DataRoot Labs uses fixed project, t&m, retainer pricing with a minimum engagement of $15K. 10Pearls uses fixed project, dedicated team, t&m pricing with a minimum engagement of $30K. Neither firm publishes a full rate card; a discovery call is required for project-specific quotes.

Which is better for enterprise: DataRoot Labs or 10Pearls?

DataRoot Labs is the larger team and typically the better enterprise-scale choice.
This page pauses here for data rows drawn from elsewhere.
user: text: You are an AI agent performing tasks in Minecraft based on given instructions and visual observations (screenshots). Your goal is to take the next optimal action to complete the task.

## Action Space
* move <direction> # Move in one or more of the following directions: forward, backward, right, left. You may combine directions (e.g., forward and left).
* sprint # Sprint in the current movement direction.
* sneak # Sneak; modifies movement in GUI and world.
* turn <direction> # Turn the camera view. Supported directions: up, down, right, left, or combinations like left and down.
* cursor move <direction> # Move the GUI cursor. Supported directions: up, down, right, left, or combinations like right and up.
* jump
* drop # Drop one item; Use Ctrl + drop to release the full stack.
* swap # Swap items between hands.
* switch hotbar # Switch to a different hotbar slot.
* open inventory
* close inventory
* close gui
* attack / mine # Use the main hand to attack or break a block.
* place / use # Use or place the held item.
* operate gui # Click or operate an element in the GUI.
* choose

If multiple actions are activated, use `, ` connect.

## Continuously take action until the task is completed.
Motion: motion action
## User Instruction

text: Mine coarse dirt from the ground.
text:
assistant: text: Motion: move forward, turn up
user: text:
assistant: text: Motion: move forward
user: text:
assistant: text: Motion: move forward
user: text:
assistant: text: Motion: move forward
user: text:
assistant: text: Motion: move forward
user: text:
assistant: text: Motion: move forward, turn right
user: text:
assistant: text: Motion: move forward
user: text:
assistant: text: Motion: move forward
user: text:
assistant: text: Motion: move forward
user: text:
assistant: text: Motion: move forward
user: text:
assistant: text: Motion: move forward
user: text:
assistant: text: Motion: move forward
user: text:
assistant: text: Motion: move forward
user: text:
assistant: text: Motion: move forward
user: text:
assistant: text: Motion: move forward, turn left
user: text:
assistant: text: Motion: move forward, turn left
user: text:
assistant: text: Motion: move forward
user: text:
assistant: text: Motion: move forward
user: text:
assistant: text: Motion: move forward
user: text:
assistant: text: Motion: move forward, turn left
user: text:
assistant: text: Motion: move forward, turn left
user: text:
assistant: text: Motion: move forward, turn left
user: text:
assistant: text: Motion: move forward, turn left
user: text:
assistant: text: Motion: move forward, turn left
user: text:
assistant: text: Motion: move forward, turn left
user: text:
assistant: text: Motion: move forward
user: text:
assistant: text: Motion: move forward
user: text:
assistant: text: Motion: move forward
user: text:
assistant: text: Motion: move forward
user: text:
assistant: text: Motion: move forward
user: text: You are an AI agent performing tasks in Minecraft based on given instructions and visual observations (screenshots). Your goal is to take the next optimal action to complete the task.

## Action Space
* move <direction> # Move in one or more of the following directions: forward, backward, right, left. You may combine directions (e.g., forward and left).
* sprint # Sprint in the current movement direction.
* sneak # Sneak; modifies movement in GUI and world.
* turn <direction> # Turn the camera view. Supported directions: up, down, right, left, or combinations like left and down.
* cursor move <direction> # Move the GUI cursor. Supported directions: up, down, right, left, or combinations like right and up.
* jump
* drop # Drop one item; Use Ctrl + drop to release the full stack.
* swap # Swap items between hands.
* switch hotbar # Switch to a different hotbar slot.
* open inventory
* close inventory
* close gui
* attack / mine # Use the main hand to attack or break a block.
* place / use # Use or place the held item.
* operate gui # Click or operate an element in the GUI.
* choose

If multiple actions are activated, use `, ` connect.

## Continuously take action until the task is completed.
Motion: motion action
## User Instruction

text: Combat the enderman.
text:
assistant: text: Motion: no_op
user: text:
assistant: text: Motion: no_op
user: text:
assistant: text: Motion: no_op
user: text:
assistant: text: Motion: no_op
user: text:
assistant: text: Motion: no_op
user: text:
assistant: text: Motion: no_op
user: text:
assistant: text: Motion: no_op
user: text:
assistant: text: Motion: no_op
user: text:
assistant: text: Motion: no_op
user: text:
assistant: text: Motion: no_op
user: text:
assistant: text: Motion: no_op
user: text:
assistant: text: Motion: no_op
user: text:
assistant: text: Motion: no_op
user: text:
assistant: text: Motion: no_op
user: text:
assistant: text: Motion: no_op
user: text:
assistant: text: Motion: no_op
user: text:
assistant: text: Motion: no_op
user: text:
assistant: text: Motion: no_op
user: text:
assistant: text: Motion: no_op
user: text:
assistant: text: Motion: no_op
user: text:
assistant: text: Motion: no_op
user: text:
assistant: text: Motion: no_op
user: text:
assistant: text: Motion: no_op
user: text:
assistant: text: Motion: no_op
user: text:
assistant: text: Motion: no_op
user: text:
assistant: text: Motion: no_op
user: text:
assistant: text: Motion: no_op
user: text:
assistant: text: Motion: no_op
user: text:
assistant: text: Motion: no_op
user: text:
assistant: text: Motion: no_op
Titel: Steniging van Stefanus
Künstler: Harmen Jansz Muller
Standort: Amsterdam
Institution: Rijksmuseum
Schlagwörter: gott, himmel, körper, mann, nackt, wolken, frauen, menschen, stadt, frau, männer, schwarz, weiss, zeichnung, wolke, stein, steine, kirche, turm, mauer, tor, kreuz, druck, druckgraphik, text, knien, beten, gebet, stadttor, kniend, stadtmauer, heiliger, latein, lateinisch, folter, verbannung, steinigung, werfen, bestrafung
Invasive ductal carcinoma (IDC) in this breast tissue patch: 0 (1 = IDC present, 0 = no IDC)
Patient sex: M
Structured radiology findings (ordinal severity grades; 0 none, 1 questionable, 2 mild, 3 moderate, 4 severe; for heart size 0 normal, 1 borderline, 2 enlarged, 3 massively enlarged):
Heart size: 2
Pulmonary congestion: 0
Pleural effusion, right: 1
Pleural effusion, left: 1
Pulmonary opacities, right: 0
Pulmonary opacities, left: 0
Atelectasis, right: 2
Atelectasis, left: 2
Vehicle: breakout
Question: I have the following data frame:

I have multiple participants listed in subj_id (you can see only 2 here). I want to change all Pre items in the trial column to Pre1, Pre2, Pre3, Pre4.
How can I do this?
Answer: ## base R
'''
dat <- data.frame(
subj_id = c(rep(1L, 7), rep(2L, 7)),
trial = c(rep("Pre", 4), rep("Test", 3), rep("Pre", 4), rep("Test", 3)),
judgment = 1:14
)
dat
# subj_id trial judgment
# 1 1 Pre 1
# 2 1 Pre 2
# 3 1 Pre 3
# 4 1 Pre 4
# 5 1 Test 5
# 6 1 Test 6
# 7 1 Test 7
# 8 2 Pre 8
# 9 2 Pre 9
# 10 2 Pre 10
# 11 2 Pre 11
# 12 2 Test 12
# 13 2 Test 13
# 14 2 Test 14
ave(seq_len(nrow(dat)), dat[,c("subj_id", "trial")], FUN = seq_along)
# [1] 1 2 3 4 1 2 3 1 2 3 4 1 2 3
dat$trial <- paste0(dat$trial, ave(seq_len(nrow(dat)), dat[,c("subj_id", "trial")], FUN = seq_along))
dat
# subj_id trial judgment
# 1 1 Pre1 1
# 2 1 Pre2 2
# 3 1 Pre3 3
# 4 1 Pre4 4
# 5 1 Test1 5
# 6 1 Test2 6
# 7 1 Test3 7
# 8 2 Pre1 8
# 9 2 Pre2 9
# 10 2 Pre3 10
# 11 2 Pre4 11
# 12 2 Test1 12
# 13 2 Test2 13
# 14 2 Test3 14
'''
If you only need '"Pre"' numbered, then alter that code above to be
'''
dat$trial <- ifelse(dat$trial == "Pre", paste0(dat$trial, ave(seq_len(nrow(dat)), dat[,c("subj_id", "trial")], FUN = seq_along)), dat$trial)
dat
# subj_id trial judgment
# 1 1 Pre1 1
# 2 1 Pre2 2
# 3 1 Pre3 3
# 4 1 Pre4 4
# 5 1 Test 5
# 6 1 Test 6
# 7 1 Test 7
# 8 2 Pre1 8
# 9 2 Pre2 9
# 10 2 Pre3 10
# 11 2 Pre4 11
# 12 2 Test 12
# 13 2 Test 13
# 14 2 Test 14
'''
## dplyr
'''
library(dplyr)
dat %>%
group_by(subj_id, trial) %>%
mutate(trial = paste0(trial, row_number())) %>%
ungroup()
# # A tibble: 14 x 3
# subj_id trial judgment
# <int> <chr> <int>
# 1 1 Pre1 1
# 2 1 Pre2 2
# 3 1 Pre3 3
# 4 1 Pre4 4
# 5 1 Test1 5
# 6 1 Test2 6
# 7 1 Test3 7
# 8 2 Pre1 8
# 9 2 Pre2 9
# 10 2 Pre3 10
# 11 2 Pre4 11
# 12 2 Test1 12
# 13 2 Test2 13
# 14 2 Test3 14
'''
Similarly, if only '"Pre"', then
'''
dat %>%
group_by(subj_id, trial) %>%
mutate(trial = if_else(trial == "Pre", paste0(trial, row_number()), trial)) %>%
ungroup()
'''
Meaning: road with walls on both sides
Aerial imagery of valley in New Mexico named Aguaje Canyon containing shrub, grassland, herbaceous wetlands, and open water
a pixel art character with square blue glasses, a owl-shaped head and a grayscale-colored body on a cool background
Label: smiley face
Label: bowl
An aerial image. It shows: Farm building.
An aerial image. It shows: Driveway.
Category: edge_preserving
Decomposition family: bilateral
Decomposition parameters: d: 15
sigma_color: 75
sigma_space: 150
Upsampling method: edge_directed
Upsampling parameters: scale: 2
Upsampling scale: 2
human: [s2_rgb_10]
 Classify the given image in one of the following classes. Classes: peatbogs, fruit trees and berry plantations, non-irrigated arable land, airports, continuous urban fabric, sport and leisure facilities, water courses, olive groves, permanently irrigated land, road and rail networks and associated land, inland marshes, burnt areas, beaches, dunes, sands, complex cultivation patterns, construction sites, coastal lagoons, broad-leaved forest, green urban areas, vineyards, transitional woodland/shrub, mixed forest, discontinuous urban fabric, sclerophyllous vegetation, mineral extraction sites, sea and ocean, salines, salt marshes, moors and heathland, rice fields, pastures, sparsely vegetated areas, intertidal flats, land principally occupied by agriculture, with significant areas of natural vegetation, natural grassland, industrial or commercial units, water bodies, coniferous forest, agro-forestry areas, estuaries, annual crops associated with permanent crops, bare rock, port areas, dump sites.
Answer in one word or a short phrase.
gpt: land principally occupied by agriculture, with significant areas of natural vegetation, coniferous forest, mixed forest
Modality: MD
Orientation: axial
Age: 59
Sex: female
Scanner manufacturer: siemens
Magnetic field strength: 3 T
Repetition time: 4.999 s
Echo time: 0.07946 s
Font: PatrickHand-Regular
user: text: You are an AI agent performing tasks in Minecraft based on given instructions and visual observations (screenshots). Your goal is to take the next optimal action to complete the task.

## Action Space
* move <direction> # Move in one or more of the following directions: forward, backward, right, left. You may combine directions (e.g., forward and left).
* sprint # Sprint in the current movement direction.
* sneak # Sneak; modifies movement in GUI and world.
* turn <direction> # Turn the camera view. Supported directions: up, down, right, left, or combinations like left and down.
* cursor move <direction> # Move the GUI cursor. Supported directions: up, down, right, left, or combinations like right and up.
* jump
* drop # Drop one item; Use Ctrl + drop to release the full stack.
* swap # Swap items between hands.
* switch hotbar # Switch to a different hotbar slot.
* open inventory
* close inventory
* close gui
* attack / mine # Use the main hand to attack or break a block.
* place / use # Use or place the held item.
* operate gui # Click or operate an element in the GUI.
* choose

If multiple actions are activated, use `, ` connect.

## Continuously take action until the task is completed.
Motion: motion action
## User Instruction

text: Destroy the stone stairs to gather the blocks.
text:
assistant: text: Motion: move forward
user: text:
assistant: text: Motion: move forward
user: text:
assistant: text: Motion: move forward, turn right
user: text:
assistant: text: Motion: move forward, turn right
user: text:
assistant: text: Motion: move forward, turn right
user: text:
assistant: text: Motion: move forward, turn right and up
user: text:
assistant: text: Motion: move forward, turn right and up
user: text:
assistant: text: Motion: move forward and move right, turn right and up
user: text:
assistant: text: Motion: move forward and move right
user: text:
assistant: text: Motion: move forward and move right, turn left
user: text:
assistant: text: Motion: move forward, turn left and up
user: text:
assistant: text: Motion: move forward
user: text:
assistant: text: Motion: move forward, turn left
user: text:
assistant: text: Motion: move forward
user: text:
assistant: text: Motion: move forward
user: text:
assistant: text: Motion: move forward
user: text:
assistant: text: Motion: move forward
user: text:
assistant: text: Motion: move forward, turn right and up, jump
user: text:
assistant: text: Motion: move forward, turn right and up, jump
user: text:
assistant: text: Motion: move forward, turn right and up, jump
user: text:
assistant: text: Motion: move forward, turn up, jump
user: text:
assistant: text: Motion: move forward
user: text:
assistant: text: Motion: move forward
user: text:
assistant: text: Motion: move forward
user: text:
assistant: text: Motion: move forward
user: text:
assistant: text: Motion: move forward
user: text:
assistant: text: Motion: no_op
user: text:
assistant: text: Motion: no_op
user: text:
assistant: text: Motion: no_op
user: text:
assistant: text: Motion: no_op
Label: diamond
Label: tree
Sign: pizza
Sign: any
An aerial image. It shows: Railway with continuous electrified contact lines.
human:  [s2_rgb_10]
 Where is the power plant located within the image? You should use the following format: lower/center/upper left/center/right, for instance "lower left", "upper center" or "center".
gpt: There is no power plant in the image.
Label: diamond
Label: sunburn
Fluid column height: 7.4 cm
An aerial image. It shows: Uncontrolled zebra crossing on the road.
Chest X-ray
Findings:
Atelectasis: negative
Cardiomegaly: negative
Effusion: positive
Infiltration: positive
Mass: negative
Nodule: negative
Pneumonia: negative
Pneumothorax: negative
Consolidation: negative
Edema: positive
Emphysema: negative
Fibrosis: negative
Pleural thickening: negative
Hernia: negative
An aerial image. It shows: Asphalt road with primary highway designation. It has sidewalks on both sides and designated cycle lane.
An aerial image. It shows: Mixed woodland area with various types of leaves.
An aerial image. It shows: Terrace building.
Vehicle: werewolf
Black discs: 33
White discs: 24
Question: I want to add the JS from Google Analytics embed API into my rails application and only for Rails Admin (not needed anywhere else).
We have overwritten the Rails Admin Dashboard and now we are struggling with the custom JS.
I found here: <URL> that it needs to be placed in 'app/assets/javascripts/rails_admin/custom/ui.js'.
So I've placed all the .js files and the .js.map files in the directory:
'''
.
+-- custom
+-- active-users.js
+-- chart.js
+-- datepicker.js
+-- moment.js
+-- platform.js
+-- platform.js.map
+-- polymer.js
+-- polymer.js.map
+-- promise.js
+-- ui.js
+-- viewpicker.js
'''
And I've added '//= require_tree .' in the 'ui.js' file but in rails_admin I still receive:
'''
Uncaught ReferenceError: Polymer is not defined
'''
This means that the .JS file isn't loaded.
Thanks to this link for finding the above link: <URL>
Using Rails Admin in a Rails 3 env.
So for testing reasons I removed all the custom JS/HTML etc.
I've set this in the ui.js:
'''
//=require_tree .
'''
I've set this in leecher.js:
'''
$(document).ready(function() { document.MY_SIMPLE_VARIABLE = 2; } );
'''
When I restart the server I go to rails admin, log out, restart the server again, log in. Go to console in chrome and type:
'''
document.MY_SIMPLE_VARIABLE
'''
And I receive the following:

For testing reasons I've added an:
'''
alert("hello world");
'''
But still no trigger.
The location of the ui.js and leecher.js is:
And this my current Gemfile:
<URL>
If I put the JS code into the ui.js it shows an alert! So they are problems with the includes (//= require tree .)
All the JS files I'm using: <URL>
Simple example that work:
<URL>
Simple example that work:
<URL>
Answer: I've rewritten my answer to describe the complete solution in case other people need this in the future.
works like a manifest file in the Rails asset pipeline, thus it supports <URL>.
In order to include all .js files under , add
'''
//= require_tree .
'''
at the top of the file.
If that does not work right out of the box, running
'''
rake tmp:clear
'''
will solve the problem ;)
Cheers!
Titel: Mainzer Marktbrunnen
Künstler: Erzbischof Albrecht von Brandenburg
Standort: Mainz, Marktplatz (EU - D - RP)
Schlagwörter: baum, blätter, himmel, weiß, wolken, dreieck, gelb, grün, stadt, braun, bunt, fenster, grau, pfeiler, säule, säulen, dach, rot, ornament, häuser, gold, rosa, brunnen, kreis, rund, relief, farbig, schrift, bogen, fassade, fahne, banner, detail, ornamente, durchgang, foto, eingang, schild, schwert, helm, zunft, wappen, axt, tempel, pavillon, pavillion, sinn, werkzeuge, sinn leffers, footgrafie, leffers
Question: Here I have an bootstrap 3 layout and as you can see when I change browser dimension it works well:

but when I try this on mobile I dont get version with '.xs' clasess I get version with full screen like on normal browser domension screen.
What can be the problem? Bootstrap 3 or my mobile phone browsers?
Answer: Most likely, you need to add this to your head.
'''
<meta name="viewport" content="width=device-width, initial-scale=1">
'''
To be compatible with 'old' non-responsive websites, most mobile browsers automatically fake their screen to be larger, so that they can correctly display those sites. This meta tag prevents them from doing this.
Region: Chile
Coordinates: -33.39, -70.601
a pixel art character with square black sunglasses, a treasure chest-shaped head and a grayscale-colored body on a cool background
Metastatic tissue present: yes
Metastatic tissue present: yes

For very large programmes, verify team size and compliance coverage directly with each company before shortlisting.

What are the main differences between DataRoot Labs and 10Pearls?

DataRoot Labs's primary differentiator is: one of ukraine's most recognized ml consultancies — combining strategy-level ai advisory with hands-on engineering, a combination rare at this team size and price point. 10Pearls's primary differentiator is: ai-native engineering culture with four crn solution provider 500 recognitions and 1,400+ experts spanning north america and latam for enterprise ai programmes. They also differ in team size (50–100 vs 1,400+), minimum engagement ($15K vs $30K), and primary industries served (SaaS, fintech vs healthcare, financial services).

Last reviewed: July 2026. Verify all details directly with each company before making a decision.